## SUPPLIED ENTRIES:

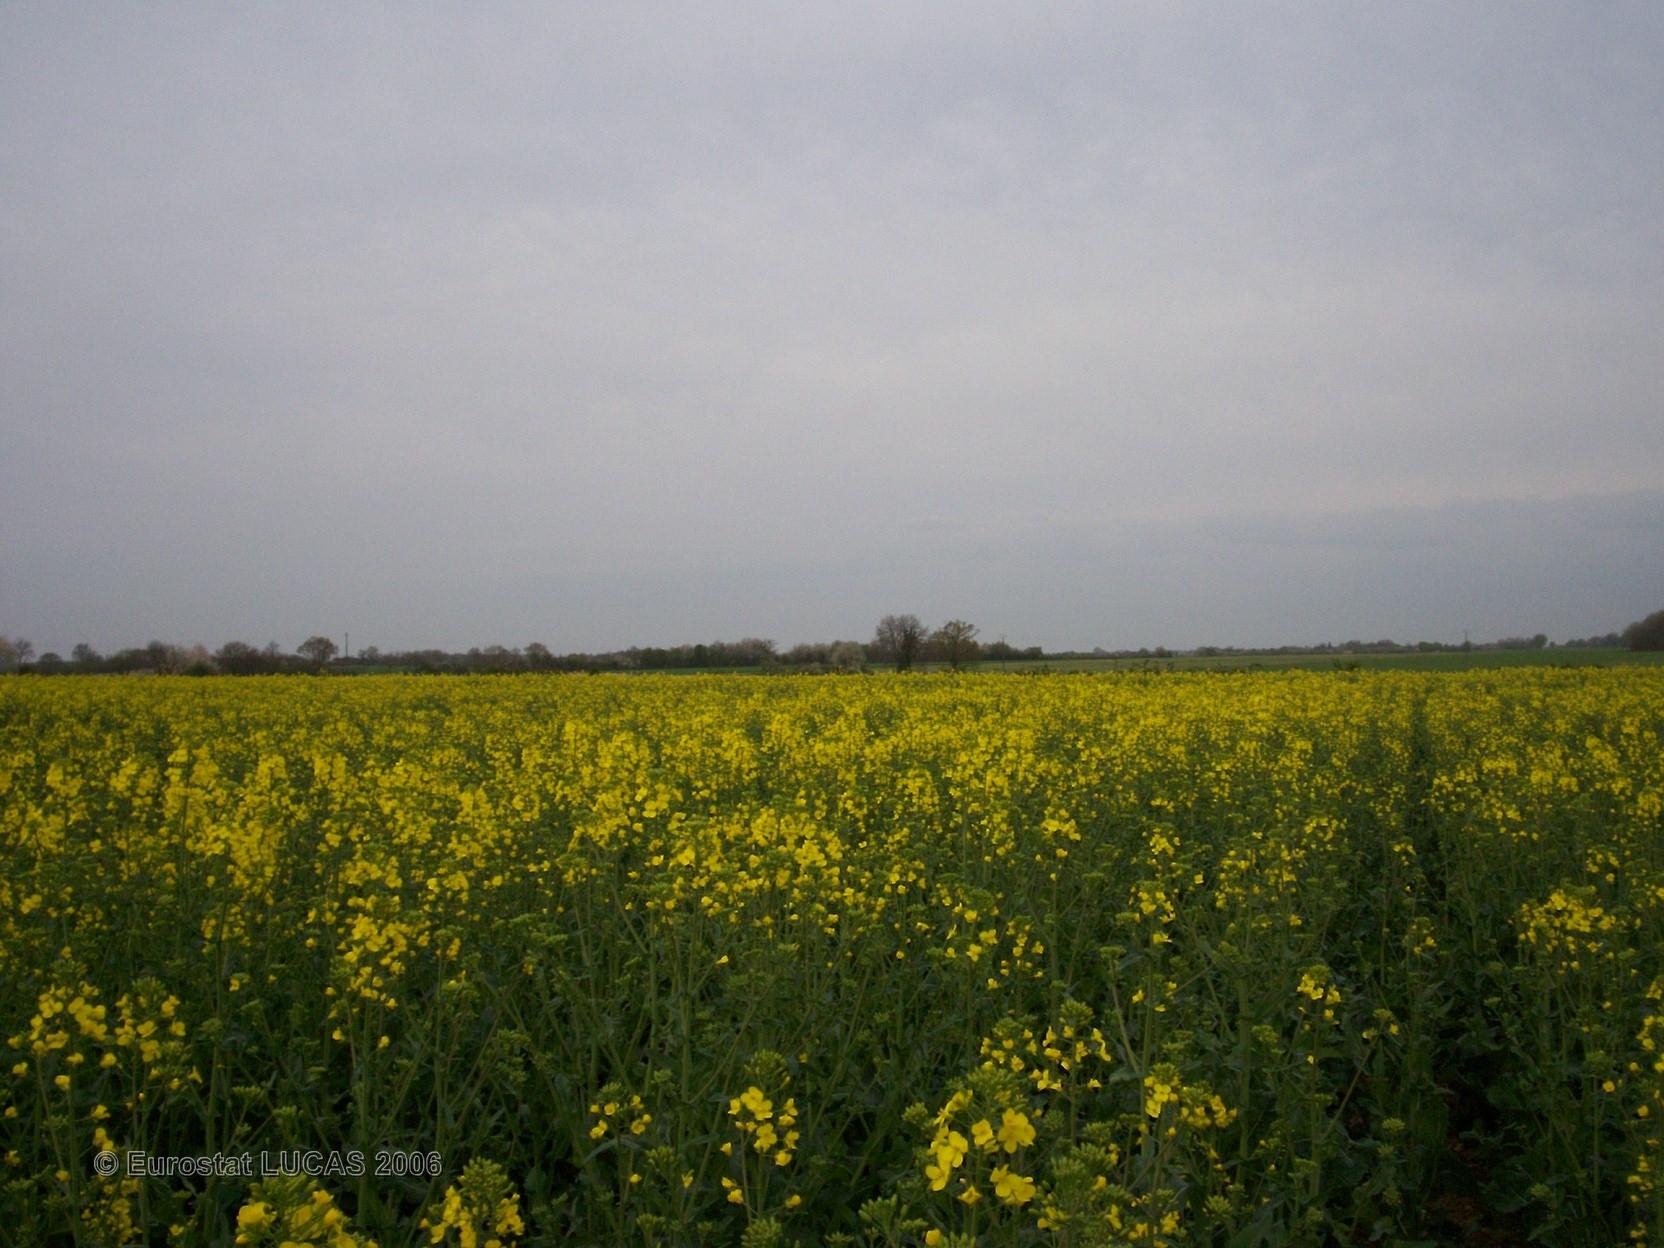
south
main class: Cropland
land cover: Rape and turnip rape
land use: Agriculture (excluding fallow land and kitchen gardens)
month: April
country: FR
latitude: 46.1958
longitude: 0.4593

## TASK TO CARRY OUT:
Output the entries above verbatim. Omit the images.

## WRITTEN SOLUTION:
south
main class: Cropland
land cover: Rape and turnip rape
land use: Agriculture (excluding fallow land and kitchen gardens)
month: April
country: FR
latitude: 46.1958
longitude: 0.4593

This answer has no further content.